### Dataset records:
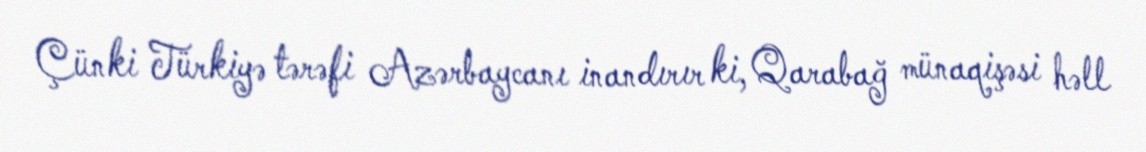
Çünki Türkiyə tərəfi Azərbaycanı inandırır ki, Qarabağ münaqişəsi həll
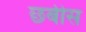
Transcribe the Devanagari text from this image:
छबीस
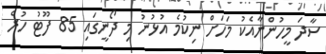
ސާދަ މީހުންނާއެކު މަހަށް ނިކުމެ އުޅުނު މި ދޯނީގައި 85 ފޫޓު ހުރެ
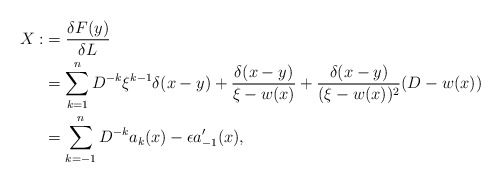
\begin{align*}X :&= \frac{\delta F(y)}{\delta L} \\&= \sum_{k=1}^n D^{-k} \xi^{k-1} \delta(x-y) + \frac{\delta(x-y)}{\xi-w(x)} + \frac{ \delta(x-y)}{(\xi-w(x))^2}(D-w(x)) \\&= \sum_{k=-1}^n D^{-k}a_k(x) - \epsilon a_{-1}'(x),\end{align*}
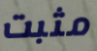
مثبت
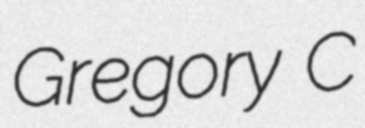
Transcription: Gregory C
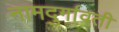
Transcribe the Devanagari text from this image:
नामदुर्गावती
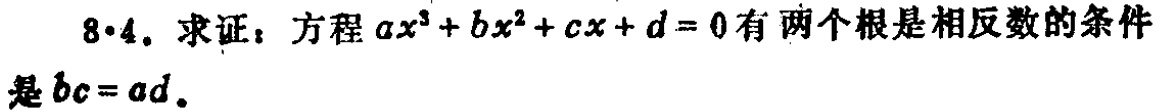
8·4. 求证：方程\(ax^{3}+bx^{2}+cx + d = 0\)有两个根是相反数的条件是\(bc = ad\)。
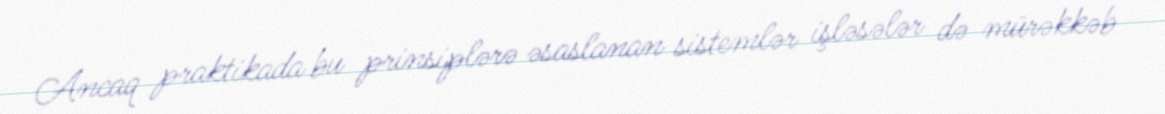
Ancaq praktikada bu prinsiplərə əsaslanan sistemlər işləsələr də mürəkkəb
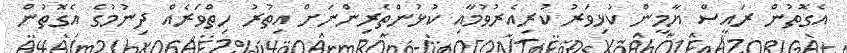
އެގޮތުން ރައީސް ޔާމީން ކުޅިވަރު ކުރިއެރުވުމާއި ކުޅުންތެރިންނަށް އިތުރު ހިތްވަރެއް ދިނުމުގެ އެގޮތުން
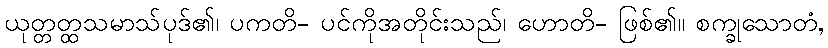
ယုတ္တတ္ထသမာသ်ပုဒ်၏၊ ပကတိ- ပင်ကိုအတိုင်းသည်၊ ဟောတိ- ဖြစ်၏။ စက္ခုသောတံ,
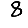
Digit: 8
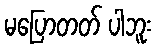
မပြောတတ် ပါဘူး
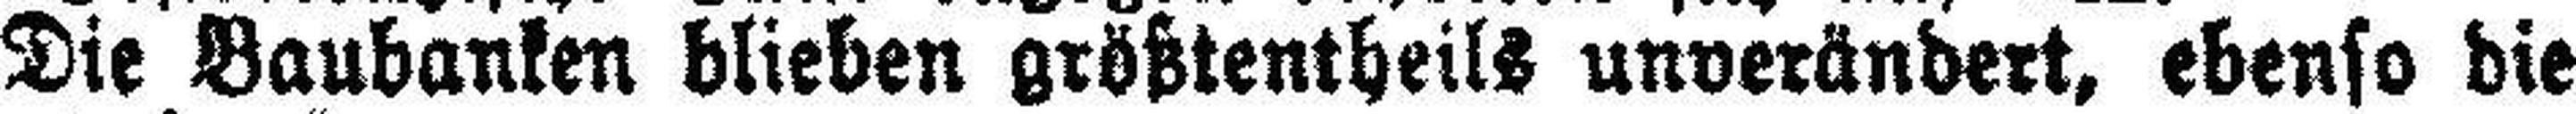
Die Baubanken blieben größtentheils unverändert, ebenso die
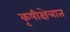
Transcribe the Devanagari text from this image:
कृषीक्षेत्रात
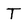
Character: T
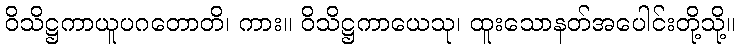
ဝိသိဋ္ဌကာယူပဂတောတိ၊ ကား။ ဝိသိဋ္ဌကာယေသု၊ ထူးသောနတ်အပေါင်းတို့သို့။
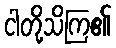
ငါတို့သိကြ၏
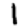
Digit: 1
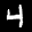
Label: 4
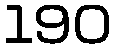
190
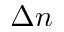
\Delta { n }
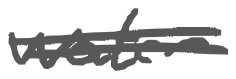
Text: water
Cross-out: double-line
Writing tool: digital_gray
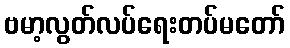
ဗမာ့လွတ်လပ်ရေးတပ်မတော်
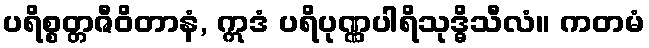
ပရိစ္စတ္တဇီဝိတာနံ, ဣဒံ ပရိပုဏ္ဏပါရိသုဒ္ဓိသီလံ။ ကတမံ
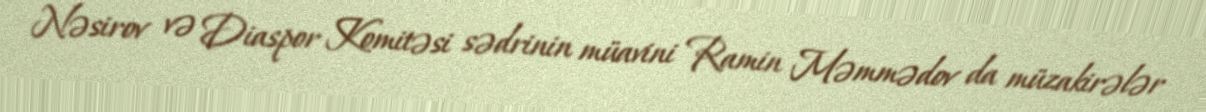
Nəsirov və Diaspor Komitəsi sədrinin müavini Ramin Məmmədov da müzakirələr
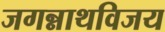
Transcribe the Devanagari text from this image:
जगन्नाथविजय
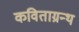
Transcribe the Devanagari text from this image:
कविताग्रन्थ
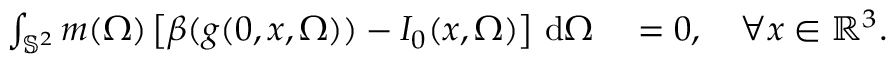
\begin{array} { r l } { \int _ { \mathbb S ^ { 2 } } m ( \Omega ) \left[ \beta ( g ( 0 , x , \Omega ) ) - I _ { 0 } ( x , \Omega ) \right] \, \mathrm { d } \Omega } & { { } = 0 , \quad \forall x \in \mathbb { R } ^ { 3 } . } \end{array}
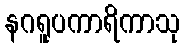
နဂရူပကာရိကာသု
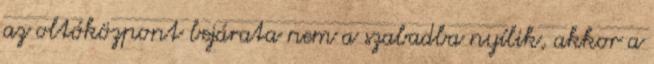
az oltóközpont bejárata nem a szabadba nyílik, akkor a
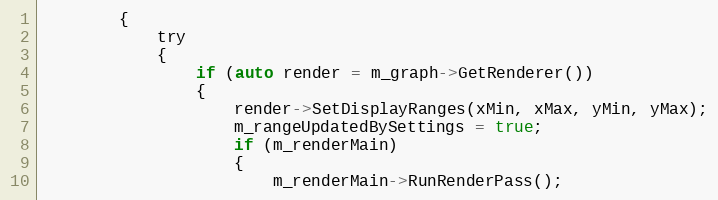
Language: C
        {
            try
            {
                if (auto render = m_graph->GetRenderer())
                {
                    render->SetDisplayRanges(xMin, xMax, yMin, yMax);
                    m_rangeUpdatedBySettings = true;
                    if (m_renderMain)
                    {
                        m_renderMain->RunRenderPass();
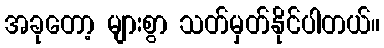
အခုတော့ များစွာ သတ်မှတ်နိုင်ပါတယ်။
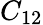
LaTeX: C_{12}

### Requirement:
Please print the lines exactly, from the top of the material through the line with "Transcription: Gregory C", and omit the pictures.

### Answer for this exercise:
Çünki Türkiyə tərəfi Azərbaycanı inandırır ki, Qarabağ münaqişəsi həll
Transcribe the Devanagari text from this image:
छबीस
ސާދަ މީހުންނާއެކު މަހަށް ނިކުމެ އުޅުނު މި ދޯނީގައި 85 ފޫޓު ހުރެ
\begin{align*}X :&= \frac{\delta F(y)}{\delta L} \\&= \sum_{k=1}^n D^{-k} \xi^{k-1} \delta(x-y) + \frac{\delta(x-y)}{\xi-w(x)} + \frac{ \delta(x-y)}{(\xi-w(x))^2}(D-w(x)) \\&= \sum_{k=-1}^n D^{-k}a_k(x) - \epsilon a_{-1}'(x),\end{align*}
مثبت
Transcription: Gregory C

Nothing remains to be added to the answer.